Das Devjani, Kapoor Monica, Brown Cara, Husain Abbas, Rubin Marina, Chacko Jerel, Rudnin Simone, Hahn Barry, Greenstein Josh
Emergency Medicine, New York Columbia Presbyterian Hospital, New York, USA.
Emergency Medicine, UMass Memorial Medical Center, Worcester, USA.
Cureus. 2020 Jul 6;12(7):e9021. doi: 10.7759/cureus.9021.

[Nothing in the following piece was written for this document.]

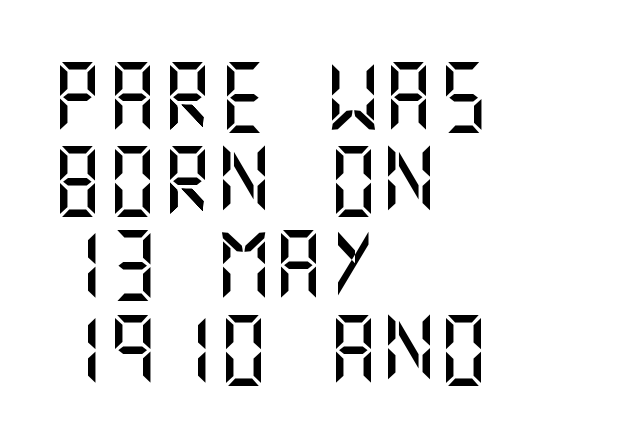
There is no visible air inserted between adjacent glyphs. No word sits above an underline. Horizontal alignment here is leftward, the default for most running prose. This sample uses a sans-serif face. Italic? Not at all — the glyphs are vertical.
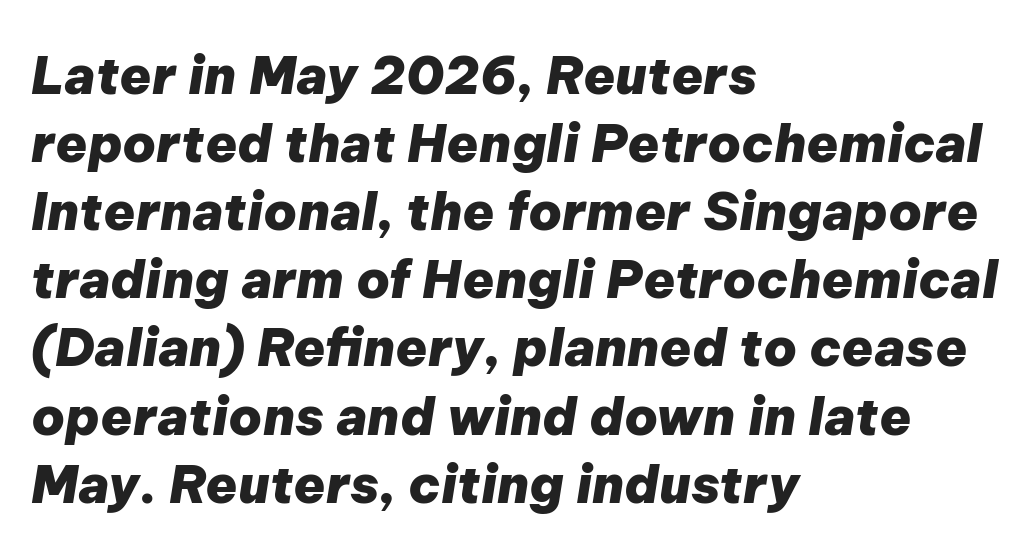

Introduction In the emergency department, the diagnosis of an Achilles tendon rupture (ATR) is reportedly missed in greater than 20% of cases. A limited number of studies evaluate the use of cadaver models as a potential ultrasound teaching and training modality. We hypothesize that emergency medicine residents can effectively utilize point-of-care ultrasound (POCUS) on cadaver models and a focused teaching intervention to assess their ability to detect ATRs. Methods A prospective study of 23 EM residents was performed. All participants in the study were divided into two learner groups: (a) independent and (b) hands-on. The independent learner group received a 30-minute online didactic lecture demonstrating how to diagnose ATRs. The hands-on learner group received direct instruction on cadaver lower leg models with a ruptured and normal Achilles tendon (AT). Both groups then participated in identifying either normal or ruptured ATs on six cadaver lower leg models. Results The sensitivity and specificity were 89% and 82% in the independent learner group 96% and 100% in the hands-on learner group, respectively. The overall sensitivity and specificity were 91% and 88%, respectively. There was a trend toward successful identification with increased years of residency training. Conclusions In this study, lower leg and ankle cadaver models were found to be as effective as an independent learner model for potential POCUS teaching and training modality in both novice and more advanced trainees.
引言 在急诊科,据报道超过20%的跟腱断裂(ATR)病例被漏诊。仅有少数研究评估了使用尸体模型作为一种潜在的超声教学和培训方式。我们假设急诊医学住院医师能够有效地在尸体模型上使用床旁超声(POCUS),并通过针对性的教学干预来评估他们检测跟腱断裂的能力。方法 对23名急诊医学住院医师进行了一项前瞻性研究。研究中的所有参与者被分为两个学习组:(a)自主学习组和(b)实践操作组。自主学习组接受了一次30分钟的在线理论讲座,演示如何诊断跟腱断裂。实践操作组在带有跟腱断裂和正常跟腱(AT)的尸体小腿模型上接受了直接指导。然后两组都参与在六个尸体小腿模型上识别正常或断裂的跟腱。结果 自主学习组的敏感性和特异性分别为89%和82%,实践操作组分别为96%和100%。总体敏感性和特异性分别为91%和88%。随着住院医师培训年限的增加,成功识别的趋势明显。结论 在本研究中,发现小腿和踝关节尸体模型对于新手和更高级别的受训者而言,作为潜在的床旁超声教学和培训方式,与自主学习模型一样有效。